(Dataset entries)
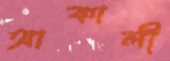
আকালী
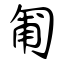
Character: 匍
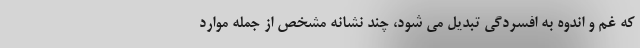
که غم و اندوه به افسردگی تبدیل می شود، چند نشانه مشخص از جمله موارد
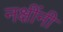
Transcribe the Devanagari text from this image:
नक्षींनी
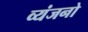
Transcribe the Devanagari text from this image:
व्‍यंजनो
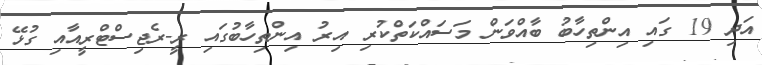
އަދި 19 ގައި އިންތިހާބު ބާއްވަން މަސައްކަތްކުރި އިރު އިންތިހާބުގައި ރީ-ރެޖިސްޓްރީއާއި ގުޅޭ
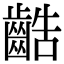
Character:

**TRY IT**
Reproduce nothing but the lines from the line containing "Character: 匍" through the last line of the data above, exactly as written and without pictures.

**ANSWER FOR THE TASK**
Character: 匍
که غم و اندوه به افسردگی تبدیل می شود، چند نشانه مشخص از جمله موارد
Transcribe the Devanagari text from this image:
नक्षींनी
Transcribe the Devanagari text from this image:
व्‍यंजनो
އަދި 19 ގައި އިންތިހާބު ބާއްވަން މަސައްކަތްކުރި އިރު އިންތިހާބުގައި ރީ-ރެޖިސްޓްރީއާއި ގުޅޭ
Character:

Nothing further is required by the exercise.